Jared Geurts, Senior Director of Marketing Analytics for the Utah Jazz spoke openly about how the franchise made some simple changes that led to a 61% increase in digital revenue and a 42% decrease in digital spending.

Ticket sales exploded from $25,000 to nearly $1 million – strictly revenue earned from email campaigns. In the years prior, the team would send out general emails to all fans in order to sell tickets and bolster engagement. The only change they made? A bit of data-driven personalization. They segmented fans into different interest groups, such as those who prefer weekend games, and tailored email campaigns accordingly. This created a more authentic connection with fans as their specific interests were heard.

“We’ve actually, by quite a large margin, been the best team at converting new leads. That wasn’t the case before we really started focusing on personalizing those ads,” Geurts explained. “Just from some simple personalization and caring more about our customers than what we want to sell.”

Personalized Experiences at the Game

Another exciting development in NBA trends is how analytics is generating insights about fans while they’re at a game. By knowing more about who is showing up for games, teams are beginning to create interactive experiences that appeal to the demographics in the building. As Deloitte notes, something like requesting a song or earning rewards after a certain number of trips to a concession stand helps fans feel like they’re not only at a game, but part of the collective experience. Much like email campaigns, stadium screens are becoming more personalized as well. Fans sitting in certain sections may see different promotions based on who they are/what group they are in attendance with. 

Drawing Outsiders Back In

Data insights from sports apps may even help teams reach those elusive fans who’ve yet to attend a game or haven’t attended in many months. With the right targeting, it can be just a reminder these fans need to remember they’ve been wanting to attend a live game. By forging partnerships with apps and offering special deals to fans on those apps, teams build a promising bridge for connecting with fans on the fringe.

Giving Fans More Details

NBA Engagement Channels

Relying on new technology has changed things for both fans and players. It’s not a new practice to rest high-performing players as certain points in the season. Yet, fans have been much more vocal about their disappointment on social media in not seeing their favorite players at the games they attend.

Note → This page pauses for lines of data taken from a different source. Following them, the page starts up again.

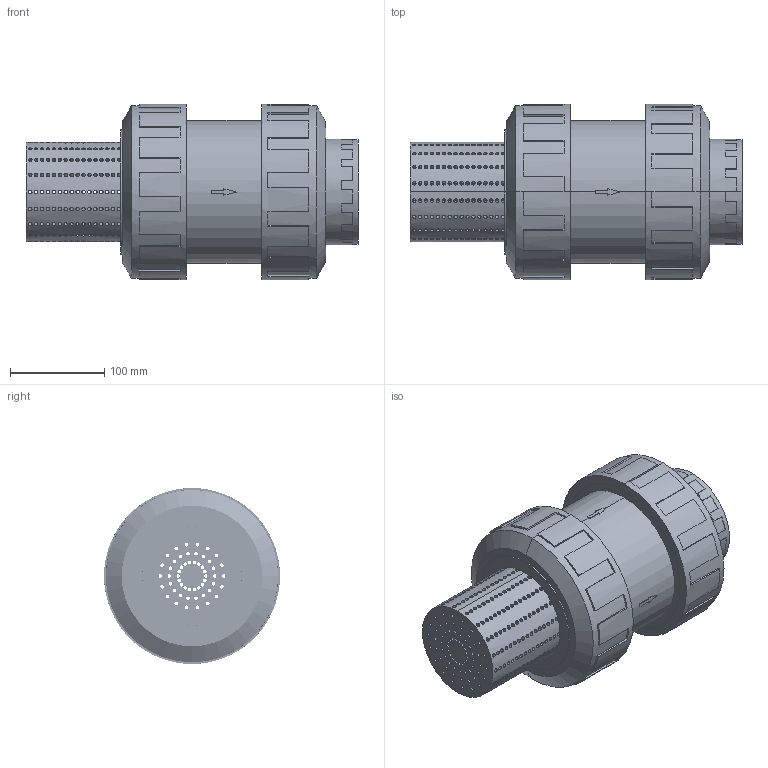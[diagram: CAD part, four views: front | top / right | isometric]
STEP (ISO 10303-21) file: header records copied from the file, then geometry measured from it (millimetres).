
FILE_DESCRIPTION(('STEP AP214'),'1');
FILE_NAME('cctmp_384E0C7B-0ED5-401A-9EC3-E9A07E8E5780_2018_12_7_11_35_37_312..stp','2018-12-07T10:35:39',('Praher Valves GmbH'),('CADClick - www.CADClick.com'),'Spatial InterOp 3D',' ','unknown authorization');
FILE_SCHEMA(('AUTOMOTIVE_DESIGN'));
Length unit declared in the file: millimetre
Products named in the file (1): 121374
Bounding box: 353 x 187 x 187 mm (x, y, z)
Volume: 4325426.7 mm3; surface area: 534971 mm2
Topology: 1 solids, 1 shells, 2644 faces, 7633 edges, 4563 vertices
Faces by surface type: cylinder 2402, plane 238, cone 4
Entity records: 132384 total; most frequent: CARTESIAN_POINT 41427, ORIENTED_EDGE 15266, DIRECTION 14634, EDGE_CURVE 7633, AXIS2_PLACEMENT_3D 6030, VERTEX_POINT 4563, EDGE_LOOP 3078, ELLIPSE 2762

“Analytics have become front and center with precisely when players are rested, how many minutes they get, who they’re matched up against,” said NBA commissioner Adam Silver.

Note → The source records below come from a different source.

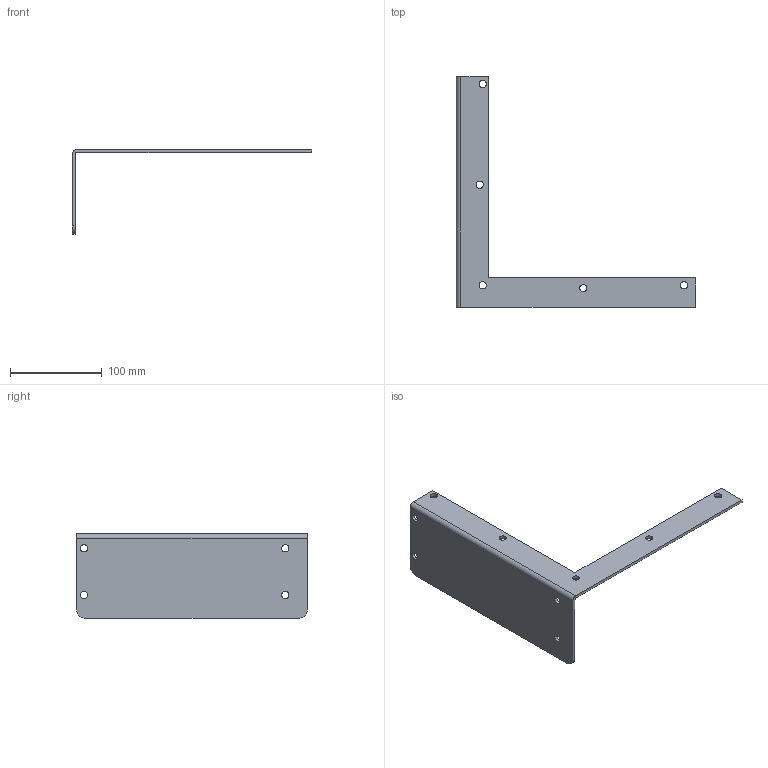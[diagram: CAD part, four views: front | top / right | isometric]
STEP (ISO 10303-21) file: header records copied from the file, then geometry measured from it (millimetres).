
FILE_DESCRIPTION (( 'STEP AP203' ), '1' );
FILE_NAME ('1485EL2.step', '2020-11-19T14:41:33', ( 'ADC123' ), ( 'Microsoft' ), 'SwSTEP 2.0', 'SolidWorks 2019', '' );
FILE_SCHEMA (( 'CONFIG_CONTROL_DESIGN' ));
Length unit declared in the file: inch
Products named in the file (1): 1485EL2
Bounding box: 260.35 x 250.82 x 92.08 mm (x, y, z)
Volume: 118733.5 mm3; surface area: 79281.4 mm2
Topology: 1 solids, 1 shells, 23 faces, 63 edges, 42 vertices
Faces by surface type: cylinder 13, plane 10
Full cylindrical faces by diameter (mm): 7.937 x3, 7.938 x6
Entity records: 813 total; most frequent: DIRECTION 128, CARTESIAN_POINT 120, ORIENTED_EDGE 108, EDGE_CURVE 54, EDGE_LOOP 50, AXIS2_PLACEMENT_3D 50, VERTEX_POINT 42, FACE_OUTER_BOUND 32

Teams are also using analytics through biometrics and wearables to determine when players are becoming fatigued and may need rest. Silver mentions the delicate balance of upholding their obligation to fans, while simultaneously keeping star players in the best health possible. 

In addition to fan engagement, Silver told interviewer Daniel Pink that analytics are now used for scouting new players, generating more detailed game stats, and even aiding players in improving their game on the court. Data also allows players to prepare for games with detailed stats about the opposing players they’ll be covering. With so much room for perfecting and maximizing success both on the court and in the stands, the sky is the limit for NBA teams implementing data analytics this season.